• [What to produce] Return nothing but the lines from the line containing "#20232 = VERTEX_POINT ( 'NONE', #16288 ) ;" through the last line of the records, reproduced exactly.
Segment Start: Materials provided
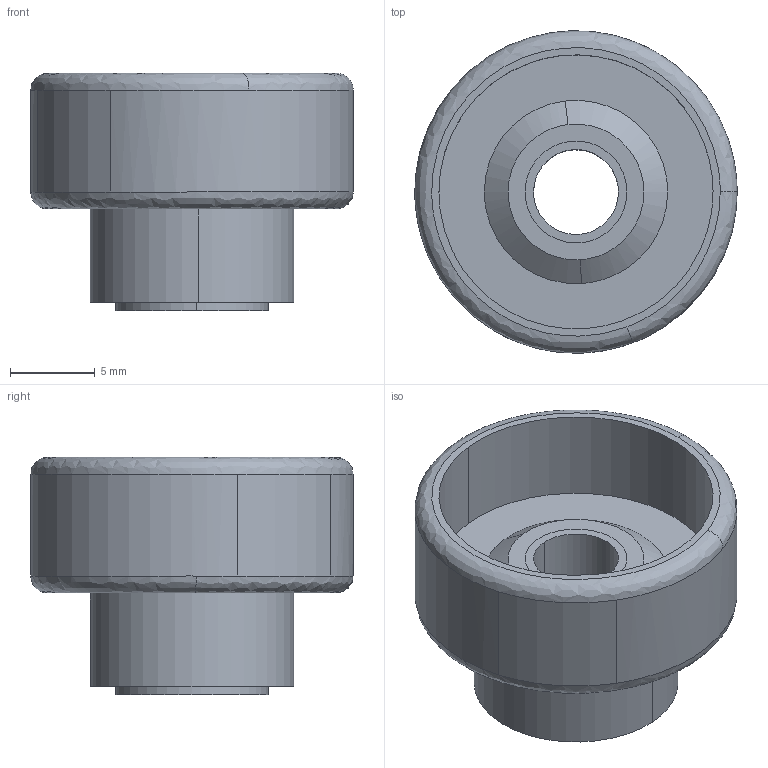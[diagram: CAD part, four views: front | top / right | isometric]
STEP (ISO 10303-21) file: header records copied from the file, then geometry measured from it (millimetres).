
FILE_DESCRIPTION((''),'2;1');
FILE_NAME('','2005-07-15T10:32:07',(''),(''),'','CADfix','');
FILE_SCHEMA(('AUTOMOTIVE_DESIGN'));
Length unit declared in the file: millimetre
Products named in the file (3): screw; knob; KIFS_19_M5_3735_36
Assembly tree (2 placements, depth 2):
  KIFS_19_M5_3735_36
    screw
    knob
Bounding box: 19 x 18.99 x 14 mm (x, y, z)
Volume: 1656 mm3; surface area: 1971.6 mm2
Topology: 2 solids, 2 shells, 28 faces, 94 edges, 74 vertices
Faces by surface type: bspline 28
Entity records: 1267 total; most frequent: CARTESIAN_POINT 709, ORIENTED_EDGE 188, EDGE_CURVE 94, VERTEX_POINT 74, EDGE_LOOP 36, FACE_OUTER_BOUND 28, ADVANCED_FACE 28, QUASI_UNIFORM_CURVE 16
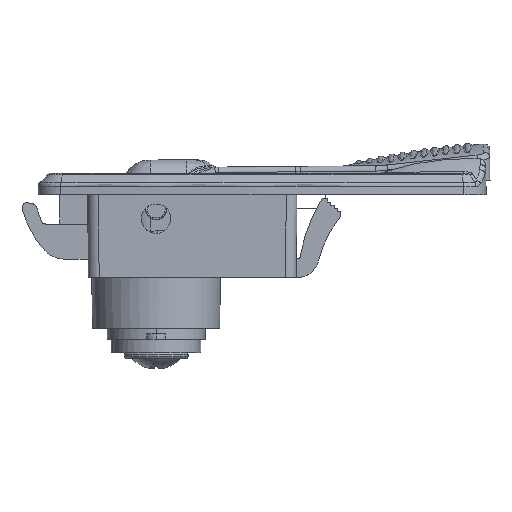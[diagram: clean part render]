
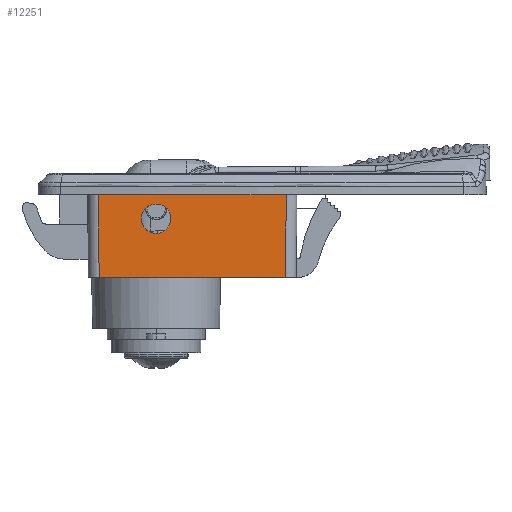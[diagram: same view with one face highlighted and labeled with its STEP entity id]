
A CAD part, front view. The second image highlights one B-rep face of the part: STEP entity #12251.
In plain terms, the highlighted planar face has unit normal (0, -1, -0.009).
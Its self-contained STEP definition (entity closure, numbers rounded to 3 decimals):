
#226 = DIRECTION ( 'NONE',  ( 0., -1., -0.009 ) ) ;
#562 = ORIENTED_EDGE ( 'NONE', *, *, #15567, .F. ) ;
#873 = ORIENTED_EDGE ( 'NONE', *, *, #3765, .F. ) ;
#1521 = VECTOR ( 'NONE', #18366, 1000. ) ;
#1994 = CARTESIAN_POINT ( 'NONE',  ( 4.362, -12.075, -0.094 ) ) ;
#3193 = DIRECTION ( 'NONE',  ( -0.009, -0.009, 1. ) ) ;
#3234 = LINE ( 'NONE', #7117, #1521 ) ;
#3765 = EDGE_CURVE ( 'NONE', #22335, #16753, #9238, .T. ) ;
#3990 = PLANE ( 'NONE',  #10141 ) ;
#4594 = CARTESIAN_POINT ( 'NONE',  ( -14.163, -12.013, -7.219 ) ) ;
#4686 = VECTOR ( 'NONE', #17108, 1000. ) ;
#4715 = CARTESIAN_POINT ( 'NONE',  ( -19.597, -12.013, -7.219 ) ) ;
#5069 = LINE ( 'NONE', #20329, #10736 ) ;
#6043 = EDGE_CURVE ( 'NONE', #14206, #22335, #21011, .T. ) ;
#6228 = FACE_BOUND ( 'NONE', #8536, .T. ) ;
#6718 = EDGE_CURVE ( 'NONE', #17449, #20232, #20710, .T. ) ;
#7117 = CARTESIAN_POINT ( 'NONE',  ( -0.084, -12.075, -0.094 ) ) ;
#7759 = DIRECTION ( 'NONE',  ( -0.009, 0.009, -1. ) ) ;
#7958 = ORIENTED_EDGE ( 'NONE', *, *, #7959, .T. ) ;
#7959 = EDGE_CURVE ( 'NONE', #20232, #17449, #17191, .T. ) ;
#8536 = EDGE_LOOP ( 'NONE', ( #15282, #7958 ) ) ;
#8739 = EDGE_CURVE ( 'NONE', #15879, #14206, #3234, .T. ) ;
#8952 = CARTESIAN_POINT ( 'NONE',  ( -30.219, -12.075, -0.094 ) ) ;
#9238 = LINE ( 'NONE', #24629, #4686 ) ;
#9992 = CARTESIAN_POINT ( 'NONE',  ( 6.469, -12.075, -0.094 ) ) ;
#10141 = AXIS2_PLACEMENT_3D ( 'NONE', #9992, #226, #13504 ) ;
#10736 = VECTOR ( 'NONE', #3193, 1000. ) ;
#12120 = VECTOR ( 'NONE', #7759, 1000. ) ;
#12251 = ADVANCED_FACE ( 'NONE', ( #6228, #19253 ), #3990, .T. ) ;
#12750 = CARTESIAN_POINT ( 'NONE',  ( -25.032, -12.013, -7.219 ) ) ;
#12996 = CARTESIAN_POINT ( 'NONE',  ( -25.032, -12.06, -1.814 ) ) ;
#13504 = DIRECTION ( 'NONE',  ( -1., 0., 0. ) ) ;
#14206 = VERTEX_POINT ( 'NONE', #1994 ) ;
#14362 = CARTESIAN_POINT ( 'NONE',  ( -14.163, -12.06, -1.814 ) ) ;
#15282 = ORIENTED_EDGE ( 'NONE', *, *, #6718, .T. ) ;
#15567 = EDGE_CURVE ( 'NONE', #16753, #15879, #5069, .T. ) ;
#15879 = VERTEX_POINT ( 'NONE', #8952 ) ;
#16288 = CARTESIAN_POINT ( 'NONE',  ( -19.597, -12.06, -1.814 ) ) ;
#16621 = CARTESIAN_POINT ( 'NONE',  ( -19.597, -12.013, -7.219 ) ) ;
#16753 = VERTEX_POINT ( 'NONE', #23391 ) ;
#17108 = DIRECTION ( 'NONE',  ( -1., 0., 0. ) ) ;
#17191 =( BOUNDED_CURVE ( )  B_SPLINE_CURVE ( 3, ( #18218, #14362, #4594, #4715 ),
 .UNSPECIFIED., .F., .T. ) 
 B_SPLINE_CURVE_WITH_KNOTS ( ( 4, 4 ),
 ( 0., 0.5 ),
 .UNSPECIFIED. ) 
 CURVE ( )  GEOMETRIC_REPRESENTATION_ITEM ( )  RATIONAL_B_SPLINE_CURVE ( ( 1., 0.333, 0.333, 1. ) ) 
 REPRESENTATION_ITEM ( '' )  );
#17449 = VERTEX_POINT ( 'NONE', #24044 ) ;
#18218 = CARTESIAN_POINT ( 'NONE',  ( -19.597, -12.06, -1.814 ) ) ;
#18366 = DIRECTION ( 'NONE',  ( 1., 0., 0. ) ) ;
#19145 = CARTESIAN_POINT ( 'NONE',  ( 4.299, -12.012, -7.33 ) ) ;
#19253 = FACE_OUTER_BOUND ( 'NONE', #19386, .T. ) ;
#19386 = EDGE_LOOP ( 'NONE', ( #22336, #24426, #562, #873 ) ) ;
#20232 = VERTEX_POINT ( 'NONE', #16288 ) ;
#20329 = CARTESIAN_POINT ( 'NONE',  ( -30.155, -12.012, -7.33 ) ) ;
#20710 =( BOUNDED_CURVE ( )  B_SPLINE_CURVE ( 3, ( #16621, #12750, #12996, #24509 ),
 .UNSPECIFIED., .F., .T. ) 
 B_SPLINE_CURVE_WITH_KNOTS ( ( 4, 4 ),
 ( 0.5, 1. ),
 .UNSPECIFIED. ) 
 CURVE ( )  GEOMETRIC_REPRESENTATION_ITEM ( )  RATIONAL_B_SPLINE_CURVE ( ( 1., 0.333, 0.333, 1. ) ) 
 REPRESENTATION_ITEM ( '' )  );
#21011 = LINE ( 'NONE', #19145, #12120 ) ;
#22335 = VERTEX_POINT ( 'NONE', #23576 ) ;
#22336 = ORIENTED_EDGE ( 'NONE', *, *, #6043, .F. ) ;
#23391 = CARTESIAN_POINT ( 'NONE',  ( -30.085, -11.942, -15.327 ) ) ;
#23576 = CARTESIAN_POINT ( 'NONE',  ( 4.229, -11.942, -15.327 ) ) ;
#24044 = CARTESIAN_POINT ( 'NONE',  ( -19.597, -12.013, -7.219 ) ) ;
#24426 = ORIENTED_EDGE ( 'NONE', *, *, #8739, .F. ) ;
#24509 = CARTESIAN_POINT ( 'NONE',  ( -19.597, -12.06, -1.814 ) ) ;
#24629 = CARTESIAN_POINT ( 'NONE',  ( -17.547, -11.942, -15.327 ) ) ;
Segment End: Materials provided
• [Response area]
#20232 = VERTEX_POINT ( 'NONE', #16288 ) ;
#20329 = CARTESIAN_POINT ( 'NONE',  ( -30.155, -12.012, -7.33 ) ) ;
#20710 =( BOUNDED_CURVE ( )  B_SPLINE_CURVE ( 3, ( #16621, #12750, #12996, #24509 ),
 .UNSPECIFIED., .F., .T. ) 
 B_SPLINE_CURVE_WITH_KNOTS ( ( 4, 4 ),
 ( 0.5, 1. ),
 .UNSPECIFIED. ) 
 CURVE ( )  GEOMETRIC_REPRESENTATION_ITEM ( )  RATIONAL_B_SPLINE_CURVE ( ( 1., 0.333, 0.333, 1. ) ) 
 REPRESENTATION_ITEM ( '' )  );
#21011 = LINE ( 'NONE', #19145, #12120 ) ;
#22335 = VERTEX_POINT ( 'NONE', #23576 ) ;
#22336 = ORIENTED_EDGE ( 'NONE', *, *, #6043, .F. ) ;
#23391 = CARTESIAN_POINT ( 'NONE',  ( -30.085, -11.942, -15.327 ) ) ;
#23576 = CARTESIAN_POINT ( 'NONE',  ( 4.229, -11.942, -15.327 ) ) ;
#24044 = CARTESIAN_POINT ( 'NONE',  ( -19.597, -12.013, -7.219 ) ) ;
#24426 = ORIENTED_EDGE ( 'NONE', *, *, #8739, .F. ) ;
#24509 = CARTESIAN_POINT ( 'NONE',  ( -19.597, -12.06, -1.814 ) ) ;
#24629 = CARTESIAN_POINT ( 'NONE',  ( -17.547, -11.942, -15.327 ) ) ;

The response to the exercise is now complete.